After three years of oversupply and significant inventory builds, the oil market has begun to rebalance. Demand has been robust, bolstered by a sustained period of low prices. US supply, responding to those same low prices, levelled out in 2016, while global investment underwent a striking decline across consecutive years. While a gradual rebalancing of the global oil market was already underway, last year’s agreement by key producers to limit production has accelerated matters. We project that liquids1 demand will outpace supply later this year and then global inventory levels will normalise.
Looking ahead to the 2020s, we see compelling market fundamentals.
Global demand for liquids is expected to rise by around one per cent per annum over the next decade. Rising global population, increasing living standards, greater car ownership in the developing world and ongoing urbanisation will all contribute to demand.
This growth is solid – but it is not as strong as the experience of the century to date. One reason for this is that substitution and efficiency improvements have and will continue to displace the use of crude oil as fuel. Some demand sectors, such as passenger vehicles and power generation, are susceptible to these advances in technology. We have shared our views on the electrification of the passenger vehicle fleet in an earlier edition of Prospects (Electric vehicles - why all the noise?).
The supply side narrative is at least as important, if not more so. The yields from producing fields decline at an average rate of around three to four per cent per annum. Therefore, even in the absence of growing demand, significant ongoing investment is required just to stand still. On our estimates, by 2025 the world will need approximately 30 MMbbl/d of new supply to come online. This is a staggering one third of current annual global demand and excludes projects already under development.

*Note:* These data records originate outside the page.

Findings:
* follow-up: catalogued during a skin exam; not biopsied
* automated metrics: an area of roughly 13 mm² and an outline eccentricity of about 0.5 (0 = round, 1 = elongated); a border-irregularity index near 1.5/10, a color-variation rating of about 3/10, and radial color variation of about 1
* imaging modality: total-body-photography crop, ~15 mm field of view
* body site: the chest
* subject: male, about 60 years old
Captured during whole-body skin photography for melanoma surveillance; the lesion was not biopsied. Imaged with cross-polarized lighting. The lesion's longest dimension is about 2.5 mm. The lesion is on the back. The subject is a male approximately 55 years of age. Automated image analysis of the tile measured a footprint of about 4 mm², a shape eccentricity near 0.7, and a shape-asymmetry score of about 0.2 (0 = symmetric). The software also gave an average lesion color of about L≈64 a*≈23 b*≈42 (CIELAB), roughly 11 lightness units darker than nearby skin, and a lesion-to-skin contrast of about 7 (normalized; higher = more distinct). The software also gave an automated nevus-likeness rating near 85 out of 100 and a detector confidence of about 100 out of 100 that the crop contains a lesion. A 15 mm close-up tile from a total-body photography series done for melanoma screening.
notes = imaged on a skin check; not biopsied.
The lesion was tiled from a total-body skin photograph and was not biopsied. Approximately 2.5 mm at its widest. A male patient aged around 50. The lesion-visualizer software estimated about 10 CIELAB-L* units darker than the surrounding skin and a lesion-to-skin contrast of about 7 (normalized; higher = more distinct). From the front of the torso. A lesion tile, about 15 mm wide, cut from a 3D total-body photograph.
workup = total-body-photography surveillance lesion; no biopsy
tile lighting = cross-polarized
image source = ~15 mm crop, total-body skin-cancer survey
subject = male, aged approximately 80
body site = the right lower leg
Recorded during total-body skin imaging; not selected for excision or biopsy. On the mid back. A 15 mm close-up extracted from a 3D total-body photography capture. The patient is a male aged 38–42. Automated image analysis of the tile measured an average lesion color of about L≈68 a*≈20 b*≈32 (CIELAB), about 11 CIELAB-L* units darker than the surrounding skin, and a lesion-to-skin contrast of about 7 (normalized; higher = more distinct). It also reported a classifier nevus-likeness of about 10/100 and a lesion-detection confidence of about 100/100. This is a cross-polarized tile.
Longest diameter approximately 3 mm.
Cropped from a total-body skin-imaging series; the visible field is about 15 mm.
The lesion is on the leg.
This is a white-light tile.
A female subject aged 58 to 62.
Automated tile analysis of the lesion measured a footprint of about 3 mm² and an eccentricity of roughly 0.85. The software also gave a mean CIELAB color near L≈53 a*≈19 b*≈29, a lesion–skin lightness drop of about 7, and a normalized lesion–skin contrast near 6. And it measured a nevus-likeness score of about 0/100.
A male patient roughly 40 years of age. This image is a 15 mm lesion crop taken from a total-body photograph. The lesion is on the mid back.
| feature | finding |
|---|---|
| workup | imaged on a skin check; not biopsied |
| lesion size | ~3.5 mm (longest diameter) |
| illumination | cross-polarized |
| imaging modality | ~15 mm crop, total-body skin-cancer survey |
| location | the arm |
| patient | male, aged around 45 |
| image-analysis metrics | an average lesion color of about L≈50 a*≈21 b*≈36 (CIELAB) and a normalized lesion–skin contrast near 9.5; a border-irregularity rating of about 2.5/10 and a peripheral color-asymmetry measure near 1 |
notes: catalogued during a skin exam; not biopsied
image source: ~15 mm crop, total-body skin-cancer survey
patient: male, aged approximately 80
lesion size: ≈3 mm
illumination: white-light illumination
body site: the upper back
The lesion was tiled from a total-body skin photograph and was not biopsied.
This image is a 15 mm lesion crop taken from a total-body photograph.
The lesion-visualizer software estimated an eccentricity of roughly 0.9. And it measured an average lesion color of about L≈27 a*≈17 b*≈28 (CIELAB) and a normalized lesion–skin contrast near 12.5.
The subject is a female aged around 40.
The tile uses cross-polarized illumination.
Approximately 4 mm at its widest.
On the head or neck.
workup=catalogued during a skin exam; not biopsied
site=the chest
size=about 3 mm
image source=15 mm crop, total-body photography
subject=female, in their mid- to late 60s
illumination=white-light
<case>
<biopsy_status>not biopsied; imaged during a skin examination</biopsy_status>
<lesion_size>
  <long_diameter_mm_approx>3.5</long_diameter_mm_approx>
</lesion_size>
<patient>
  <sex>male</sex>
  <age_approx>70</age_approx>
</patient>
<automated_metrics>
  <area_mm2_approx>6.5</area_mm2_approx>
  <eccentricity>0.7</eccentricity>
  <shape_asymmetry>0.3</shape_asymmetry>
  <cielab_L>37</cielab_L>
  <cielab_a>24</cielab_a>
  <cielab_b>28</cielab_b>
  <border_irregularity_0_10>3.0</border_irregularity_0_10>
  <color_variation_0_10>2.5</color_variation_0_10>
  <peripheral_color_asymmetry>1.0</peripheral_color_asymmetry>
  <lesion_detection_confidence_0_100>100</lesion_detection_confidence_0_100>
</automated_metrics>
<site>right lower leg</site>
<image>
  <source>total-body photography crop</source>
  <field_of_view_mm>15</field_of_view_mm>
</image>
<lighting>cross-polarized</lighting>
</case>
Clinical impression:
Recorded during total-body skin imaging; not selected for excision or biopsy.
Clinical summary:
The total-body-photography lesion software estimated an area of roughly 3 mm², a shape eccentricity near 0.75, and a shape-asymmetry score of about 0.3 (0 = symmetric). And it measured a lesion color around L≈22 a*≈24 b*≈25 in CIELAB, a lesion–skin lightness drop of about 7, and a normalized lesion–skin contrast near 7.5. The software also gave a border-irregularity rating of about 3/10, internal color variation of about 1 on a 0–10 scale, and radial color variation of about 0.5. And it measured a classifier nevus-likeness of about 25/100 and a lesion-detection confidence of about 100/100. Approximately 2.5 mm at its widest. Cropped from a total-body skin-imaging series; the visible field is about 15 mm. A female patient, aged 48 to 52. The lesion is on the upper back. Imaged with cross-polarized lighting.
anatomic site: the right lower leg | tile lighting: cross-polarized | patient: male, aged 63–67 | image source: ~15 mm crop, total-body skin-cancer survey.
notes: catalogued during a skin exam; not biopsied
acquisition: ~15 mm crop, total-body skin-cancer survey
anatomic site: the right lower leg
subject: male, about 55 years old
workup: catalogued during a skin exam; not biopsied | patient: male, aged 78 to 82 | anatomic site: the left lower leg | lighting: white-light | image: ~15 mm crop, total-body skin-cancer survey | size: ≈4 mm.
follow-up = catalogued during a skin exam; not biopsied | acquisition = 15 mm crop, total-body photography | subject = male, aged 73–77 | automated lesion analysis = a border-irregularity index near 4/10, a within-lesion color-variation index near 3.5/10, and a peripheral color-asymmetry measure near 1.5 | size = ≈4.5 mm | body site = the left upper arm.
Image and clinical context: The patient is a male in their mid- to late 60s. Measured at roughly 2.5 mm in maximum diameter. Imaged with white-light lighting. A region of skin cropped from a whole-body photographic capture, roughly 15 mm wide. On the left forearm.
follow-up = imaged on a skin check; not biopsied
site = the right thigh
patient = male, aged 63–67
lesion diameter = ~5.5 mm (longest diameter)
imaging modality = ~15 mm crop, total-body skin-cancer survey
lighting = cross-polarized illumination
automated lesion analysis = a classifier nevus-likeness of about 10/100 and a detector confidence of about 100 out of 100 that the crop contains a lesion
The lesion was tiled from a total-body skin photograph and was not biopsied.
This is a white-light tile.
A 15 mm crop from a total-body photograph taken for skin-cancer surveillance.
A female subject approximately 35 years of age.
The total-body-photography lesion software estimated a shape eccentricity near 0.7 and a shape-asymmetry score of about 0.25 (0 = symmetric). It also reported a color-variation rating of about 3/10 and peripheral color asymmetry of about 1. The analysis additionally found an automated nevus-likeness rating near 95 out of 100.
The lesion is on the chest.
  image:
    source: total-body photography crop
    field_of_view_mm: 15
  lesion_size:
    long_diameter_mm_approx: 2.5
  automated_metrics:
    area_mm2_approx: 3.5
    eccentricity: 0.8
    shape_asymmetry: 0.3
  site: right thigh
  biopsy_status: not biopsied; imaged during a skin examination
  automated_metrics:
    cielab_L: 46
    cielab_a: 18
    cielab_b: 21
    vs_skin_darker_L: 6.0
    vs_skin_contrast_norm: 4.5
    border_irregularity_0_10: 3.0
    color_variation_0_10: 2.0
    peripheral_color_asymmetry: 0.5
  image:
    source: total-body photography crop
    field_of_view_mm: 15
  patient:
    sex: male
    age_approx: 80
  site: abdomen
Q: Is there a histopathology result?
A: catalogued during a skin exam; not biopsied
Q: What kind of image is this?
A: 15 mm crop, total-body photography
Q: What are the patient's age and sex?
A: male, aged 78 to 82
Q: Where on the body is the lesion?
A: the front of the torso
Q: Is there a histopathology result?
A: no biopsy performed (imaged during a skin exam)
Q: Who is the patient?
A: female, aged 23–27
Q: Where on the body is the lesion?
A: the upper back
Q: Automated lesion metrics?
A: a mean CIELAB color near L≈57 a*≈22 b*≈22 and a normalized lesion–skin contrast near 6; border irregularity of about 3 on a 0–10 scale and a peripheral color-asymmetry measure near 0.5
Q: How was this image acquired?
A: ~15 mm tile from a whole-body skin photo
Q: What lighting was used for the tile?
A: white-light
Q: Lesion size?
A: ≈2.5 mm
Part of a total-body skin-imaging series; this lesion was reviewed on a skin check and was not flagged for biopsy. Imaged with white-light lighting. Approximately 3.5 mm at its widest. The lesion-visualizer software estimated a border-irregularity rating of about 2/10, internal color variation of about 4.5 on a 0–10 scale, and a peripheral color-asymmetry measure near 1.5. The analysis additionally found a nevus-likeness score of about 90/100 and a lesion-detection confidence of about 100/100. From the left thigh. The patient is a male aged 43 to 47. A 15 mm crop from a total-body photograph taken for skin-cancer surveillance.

In recent years, investment has been extraordinarily weak by historical standards. This phase creates the clear potential for the world to again be short of oil - as it periodically was prior to the US shale revolution. A significant portion of the new supply that we estimate will be required to meet future demand will have to come from regions with relatively high ‘above ground’ risk. In the past some of the supply risk was mitigated by the availability of spare capacity within the OPEC countries. However, that buffer has been eroded substantially in recent years. When we consider the other available options and aggregate them into an estimated cost curve, one point becomes very clear: cheap sources of oil are becoming increasingly more difficult to find. Traditional resource developers tend to pick the low hanging fruit first. And that means our estimated industry cost curve has a tendency to steepen over time; with the slope getting closer to 90 degrees than 45 degrees around the intersection with demand.

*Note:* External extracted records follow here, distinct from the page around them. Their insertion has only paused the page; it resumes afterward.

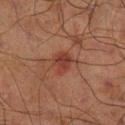<tbp_lesion>
<biopsy_status>not biopsied; imaged during a skin examination</biopsy_status>
<lesion_size>
  <long_diameter_mm_approx>3.0</long_diameter_mm_approx>
</lesion_size>
<automated_metrics>
  <area_mm2_approx>6.5</area_mm2_approx>
  <eccentricity>0.55</eccentricity>
  <shape_asymmetry>0.2</shape_asymmetry>
  <cielab_L>33</cielab_L>
  <cielab_a>22</cielab_a>
  <cielab_b>24</cielab_b>
  <vs_skin_darker_L>7.0</vs_skin_darker_L>
  <vs_skin_contrast_norm>6.5</vs_skin_contrast_norm>
  <nevus_likeness_0_100>30</nevus_likeness_0_100>
  <lesion_detection_confidence_0_100>100</lesion_detection_confidence_0_100>
</automated_metrics>
<patient>
  <sex>male</sex>
  <age_approx>70</age_approx>
</patient>
<site>right lower leg</site>
<lighting>cross-polarized</lighting>
<image>
  <source>total-body photography crop</source>
  <field_of_view_mm>15</field_of_view_mm>
</image>
</tbp_lesion>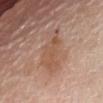Imaged during a routine full-body skin examination; the lesion was not biopsied and no histopathology is available. Located on the abdomen. A female patient, aged 73–77. The recorded lesion diameter is about 5.5 mm. An algorithmic analysis of the crop reported a lesion area of about 12 mm² and a shape-asymmetry score of about 0.35 (0 = symmetric). It also reported a nevus-likeness score of about 25/100 and a detector confidence of about 100 out of 100 that the crop contains a lesion. A 15 mm close-up tile from a total-body photography series done for melanoma screening.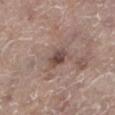Clinical impression:
Part of a total-body skin-imaging series; this lesion was reviewed on a skin check and was not flagged for biopsy.
Context:
A close-up tile cropped from a whole-body skin photograph, about 15 mm across. The subject is a female roughly 85 years of age or older. This is a white-light tile. The lesion-visualizer software estimated an average lesion color of about L≈46 a*≈17 b*≈21 (CIELAB), about 11 CIELAB-L* units darker than the surrounding skin, and a normalized lesion–skin contrast near 8. Located on the left lower leg. The lesion's longest dimension is about 2.5 mm.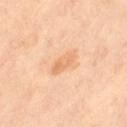Q: Is there a histopathology result?
A: no biopsy performed (imaged during a skin exam)
Q: Lesion location?
A: the right thigh
Q: What are the patient's age and sex?
A: female, aged 48–52
Q: What is the imaging modality?
A: ~15 mm tile from a whole-body skin photo
Q: Automated lesion metrics?
A: an average lesion color of about L≈73 a*≈23 b*≈40 (CIELAB) and roughly 8 lightness units darker than nearby skin; border irregularity of about 3.5 on a 0–10 scale and peripheral color asymmetry of about 1.5
Q: How large is the lesion?
A: ~3 mm (longest diameter)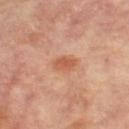Clinical impression:
Recorded during total-body skin imaging; not selected for excision or biopsy.
Background:
This is a cross-polarized tile. The lesion is on the right leg. Approximately 3 mm at its widest. A close-up tile cropped from a whole-body skin photograph, about 15 mm across. A female patient, about 65 years old.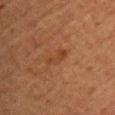Background:
The lesion is located on the chest. An algorithmic analysis of the crop reported border irregularity of about 4 on a 0–10 scale, internal color variation of about 0.5 on a 0–10 scale, and radial color variation of about 0. The analysis additionally found an automated nevus-likeness rating near 0 out of 100. A 15 mm crop from a total-body photograph taken for skin-cancer surveillance. A female subject, approximately 70 years of age. The recorded lesion diameter is about 3 mm. Imaged with cross-polarized lighting.

US shale plays are no different to conventional resources in this regard. Not all shale plays, and not even all wells within those plays, are created equal.The US shale industry has performed admirably in terms of reducing costs and improving productivity, surprising most observers with its resilience in the face of sustained low prices. That performance, impressive as it has been, is not evidence that there is an infinite volume of onshore core areas that are economic at or below US$50/bbl. It is important to understand that geology will remain a limiting factor. It is geology that ultimately determines relative cost curve positioning. Non-core areas will therefore continue to require higher inducement prices than core areas, industry wide learning curve or no. And our analysis strongly suggests that non-core areas will eventually be induced, due to the combination of rising demand and the tyranny of field depletion in the existing resource base.
Though the history of US shale is relatively brief, we have seen enough to know how responsive producers can be to shifting prices – both up and down. Total US production reached 9.6 MMbbl/d in April of 2015. US output then declined by approximately one MMbbl/d; but with prices recovering mildly in the first half of 2017, positive momentum has returned. Rig activity over the past few years reflects this elevated elasticity of supply and we expect the US to stem the decline and expand output again in 2017. In other words, the marginal producer during the current cyclical phase is most likely to be a US shale operator.
More than half of the new rigs put in place since the end of 2016 have been in the Permian. The remainder have been distributed across multiple areas. We expect this distribution of activity to continue, as beyond the Permian, there are limited sweet spots available where we see the potential for a viable return at current prices. Eagle Ford, which has been the focus of much activity in recent years, is a case in point. It has captured only around 10 per cent of the rig growth over the past six months.
Finally, it is notable that oil was the last pillar commodity in our portfolio to move into surplus during the relatively synchronised global downturn in prices; and it appears that it is going to be among the first to move back into fundamental balance on the far side of the early 2016 trough.2 Where commodity downturns are concerned, having a claim to being “Last In and First Out” is a strong advertisement for resilience.
1 The majority of petroleum liquids are crude oil, but the definition also includes condensates, natural gas liquids and biofuels.
2 Whether oil is classified as first, or not, depends upon how one defines developments in the met coal market in CY2016, when policy and weather disruptions pushed the market steeply into deficit basically overnight.